L’autoroute de Herstal est devenue une décharge à ciel ouvert

Jouets d'enfants, livres et matelas salis par la boue, armoires ou réfrigérateurs en morceaux: quelque 90.000 tonnes de déchets résultant des inondations meurtrières de juillet s'entassent sur l'autoroute de Herstal dans la province de Liège.

Herstal

C’est une image qui a fait le tour du pays, montrant de façon spectaculaire les ravages matériels des crues exceptionnelles qui ont causé la mort de 38 personnes les 14 et 15 juillet, selon le bilan officiel.

À Herstal, dans la province de Liège, secteur parmi les plus touchés par ces inondations, une ancienne autoroute traversant une zone boisée accueille sur 8 km de long une montagne de détritus haute de six mètres. Un magma informe d’objets amenés depuis six semaines par camions entiers après le nettoyage des abords des cours d’eau, des rives de la Meuse à la vallée de la Vesdre.

« Morceaux de vie »

Tout un tas de « morceaux de vies » accumulés qui représente aussi un défi de gestion publique pour les élus et les entreprises de traitement des déchets. Au total quelque 160.000 tonnes de détritus ont été produits par les inondations uniquement en Wallonie, d’après les autorités de cette région francophone.

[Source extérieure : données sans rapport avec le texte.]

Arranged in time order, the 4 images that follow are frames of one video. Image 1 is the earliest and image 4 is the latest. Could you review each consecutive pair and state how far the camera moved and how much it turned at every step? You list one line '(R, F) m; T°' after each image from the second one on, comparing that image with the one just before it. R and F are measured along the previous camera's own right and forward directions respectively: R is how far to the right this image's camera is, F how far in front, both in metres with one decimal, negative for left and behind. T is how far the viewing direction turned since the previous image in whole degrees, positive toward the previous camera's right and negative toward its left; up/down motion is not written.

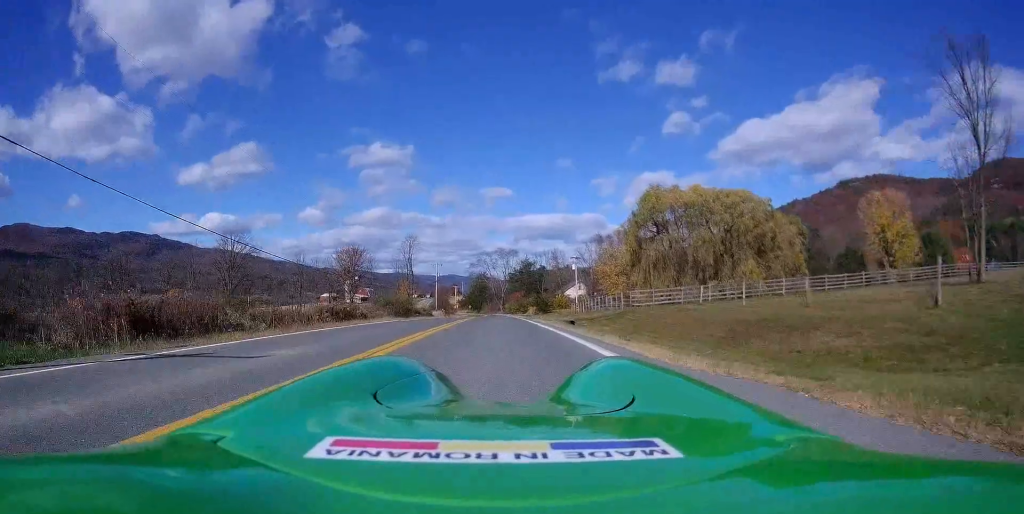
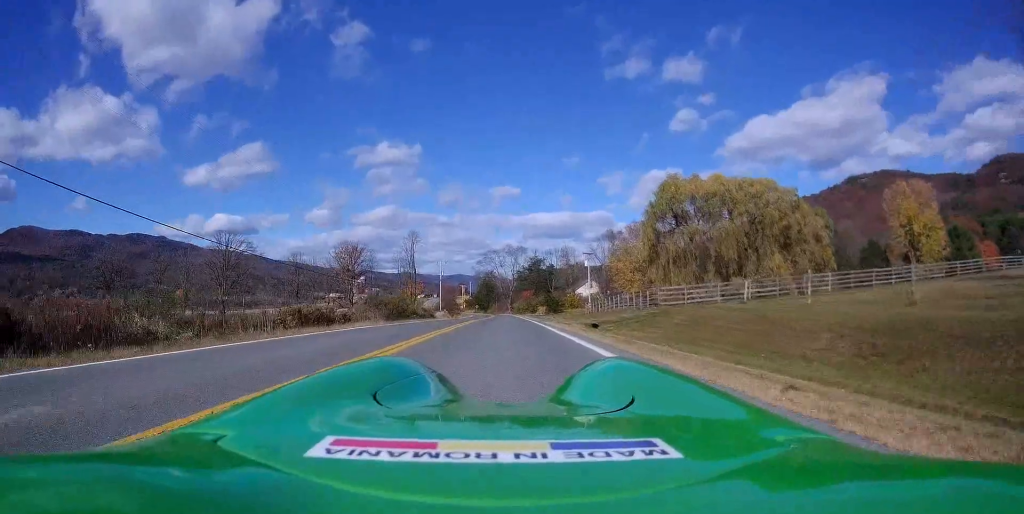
(0.0, +6.4) m; -1°
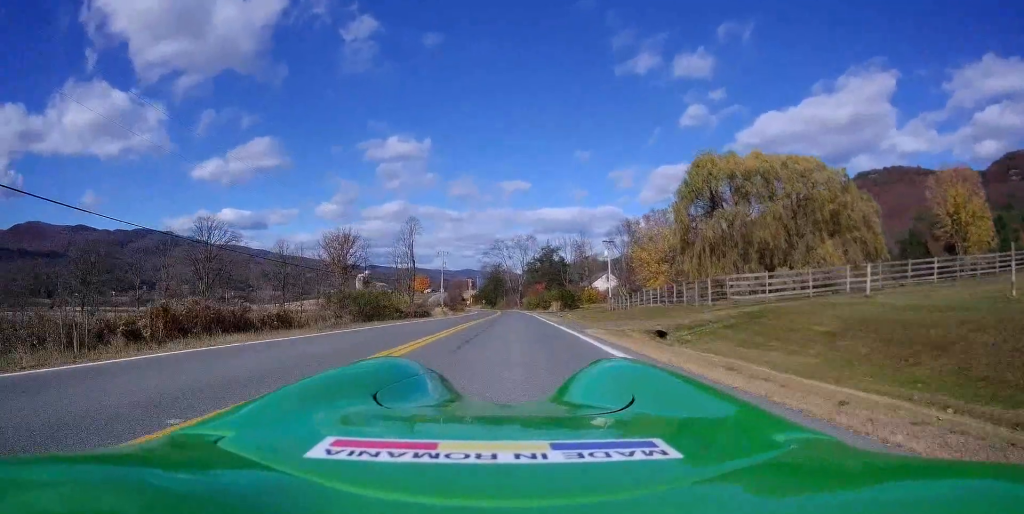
(-0.3, +11.6) m; 0°
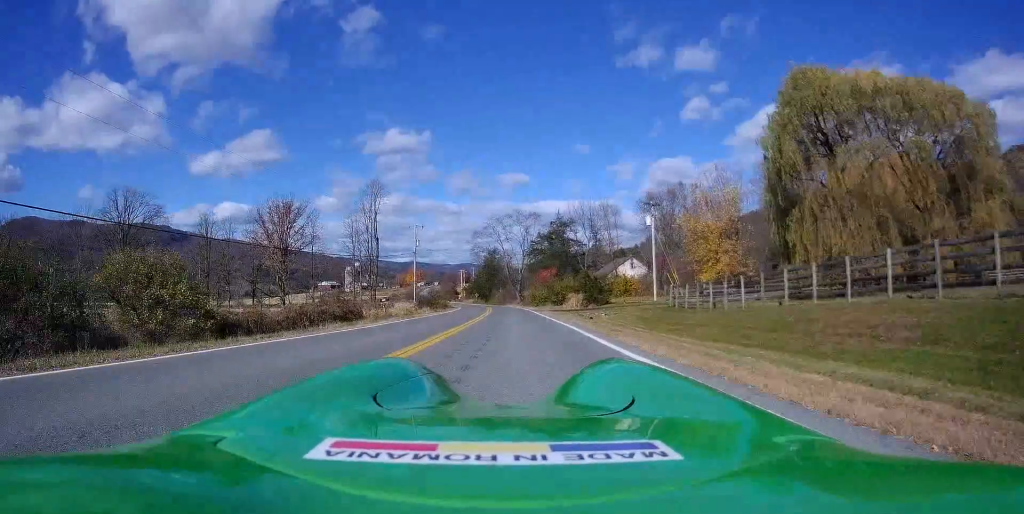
(+0.6, +28.0) m; -1°

Ce seul bout d’autoroute en concentre plus de la moitié.

Le transfert a été progressif, explique Luc Joine, directeur général d’Intradel, principale société de traitement des déchets dans la province de Liège. « Il y a d’abord eu du stockage temporaire (dans les communes touchées) et à partir du moment où on était certains qu’il n’y avait plus de cadavre, que tous les disparus avaient été retrouvés, on a pu tout rassembler », dit-il à l’AFP.

Recycler 60% des déchets

L’objectif est de parvenir à recycler 60% de ces déchets, le reste étant destiné à l’incinération ou à l’enfouissement en faisant appel à d’autres entreprises. Vu l’ampleur de la tâche il faudra vraisemblablement neuf mois pour tout évacuer, un calendrier sur lequel les élus locaux, soucieux de limiter les nuisances pour les riverains, veilleront de près.

Luc Joine assure qu’il n’y a aucune habitation à moins de 500 mètres, qu’il y a peu de nuisances olfactives et qu’une société de dératisation est déjà intervenue sur place. Sur le plan environnemental, le choix d’un stockage des déchets sur l’ancien axe de circulation est « une bonne idée », vante aussi le responsable.

« Les déchets étant potentiellement contaminés par des hydrocarbures il fallait trouver un site permettant d’éviter une pollution des sols. Or cette autoroute est asphaltée, les eaux sont récoltées quand il pleut, c’est tout à fait adapté« , souligne-t-il. Le coût du traitement des déchets sur les trois sites réquisitionnés en Wallonie a été estimé à 30 millions d’euros, selon la ministre régionale de l’Environnement, Céline Tellier.